What does the approach of spawning a grep process and having ls send ALL of it's output to grep have over just passing a glob to ls?

Like:

$ ls /usr/share/*.lm

/usr/share/out-go.lm  /usr/share/ril.lm     /usr/share/rlhc-crack.lm   /usr/share/rlhc-d.lm   /usr/share/rlhc-java.lm  /usr/share/rlhc-julia.lm  /usr/share/rlhc-ocaml.lm  /usr/share/rlhc-rust.lm
/usr/share/ragel.lm   /usr/share/rlhc-c.lm  /usr/share/rlhc-csharp.lm  /usr/share/rlhc-go.lm  /usr/share/rlhc-js.lm    /usr/share/rlhc-main.lm   /usr/share/rlhc-ruby.lm
[–] [email protected] 2 points 6 months ago* (last edited 6 months ago)

Tbh, I didn't even realise you could do that. I'm just used to using grep and worked backwards. Thanks for pointing it out.

[–] [email protected] 2 points 6 months ago

It would also return non-file objects, like directories

[–] FigMcLargeHuge 2 points 6 months ago* (last edited 6 months ago)

Maybe a little more context of what you want to run would help here. Find would work.

find . -name "*.png" -exec whateveryouwanttodohere {} \;

Or you could find, and then pass the arguments to xargs:

find . -name "*.png" -print | xargs whateveryouwanttodohere

[–] [email protected] 2 points 6 months ago

Let's not forget that Linux filenames are case sensitive, so ".txt" ≠ ".TXT" ≠ ".Txt"

[–] [email protected] 1 points 6 months ago

How about instead of starting with a list of all files in the directory, you use find to filter just the ones ending in .txt (or .TXT, it's case insensitive)

find $dir -maxdepth 1 -type f -iname "*.txt"

[–] [email protected] 1 points 6 months ago* (last edited 6 months ago)

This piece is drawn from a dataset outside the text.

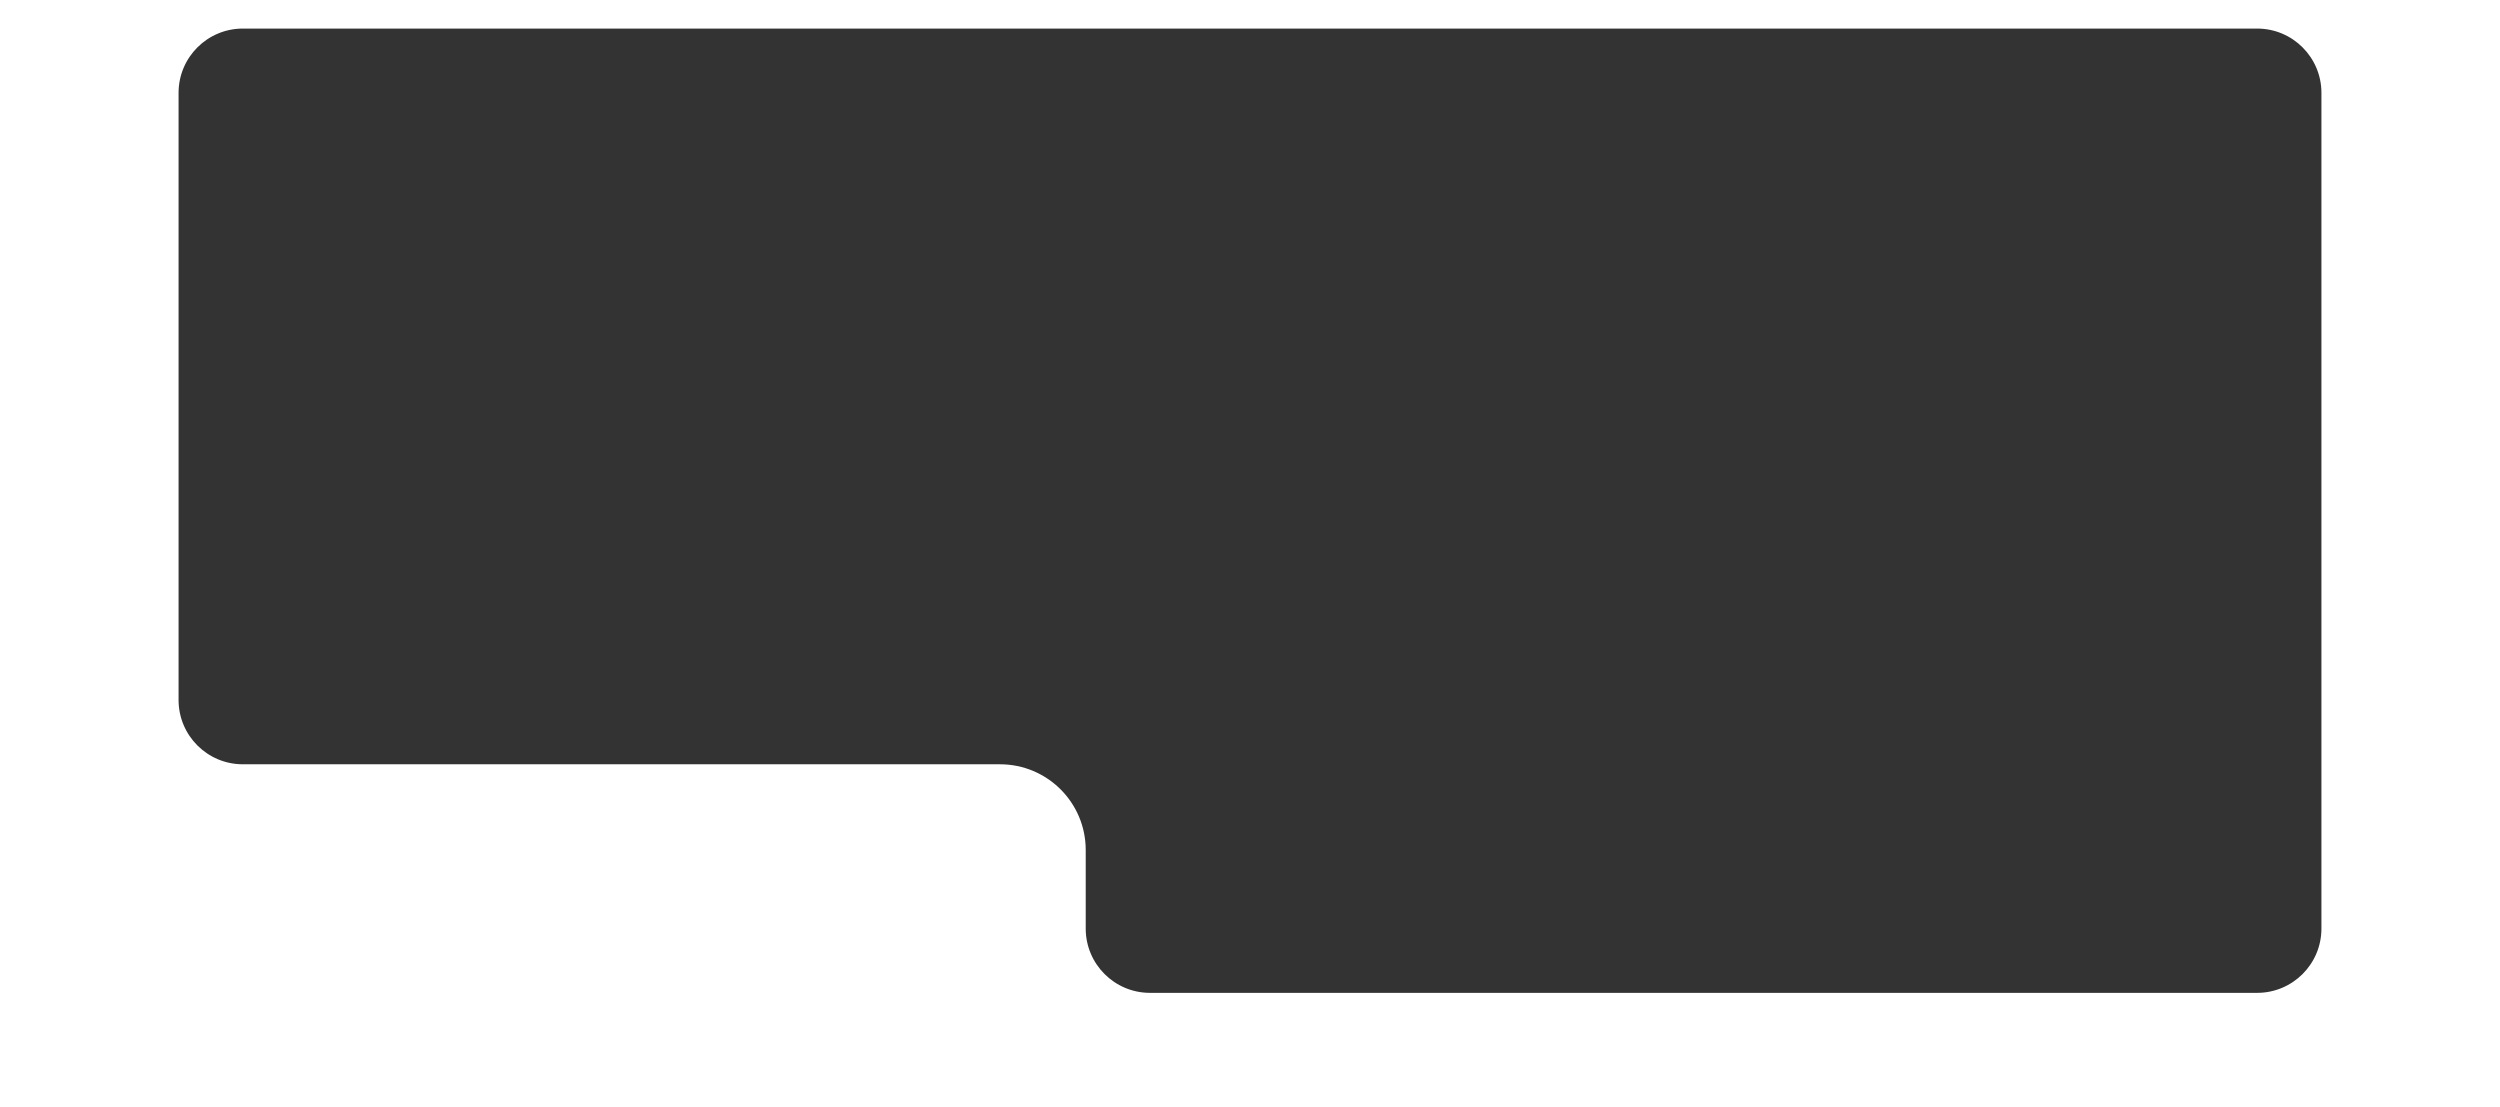 <?xml version="1.0" encoding="UTF-8"?> <svg xmlns="http://www.w3.org/2000/svg" width="1400" height="620" viewBox="0 0 1400 620" fill="none"><rect x="0" y="0" width="1400" height="620" fill="#333333" stroke="none"/><path d="M1400 620H0V0H1400V620ZM136 16C116.118 16 100 32.118 100 52V392C100 411.882 116.118 428 136 428H560C586.51 428 608 449.49 608 476V520C608 539.882 624.118 556 644 556H1264C1283.88 556 1300 539.882 1300 520V52C1300 32.118 1283.88 16 1264 16H136Z" fill="white"></path></svg>

If someone posts “[[ $file == *.txt ]]” I’m going to fucking scream because THAT DOES NOT WORK. IT’S NOT VAILD BASH CODE.

This is valid bash code.

Do you understand how string substitution works? In this example, "file" is the name of a variable, and $file substitutes its value. If you have not set the value of file, then it won't work.

Edit: you should, as a rule of thumb, quote your variables. So "$file" instead of just $file. Quoting prevents some weird behavior with whitespace and special characters in the value. But either way, this is valid code and will work in the general case.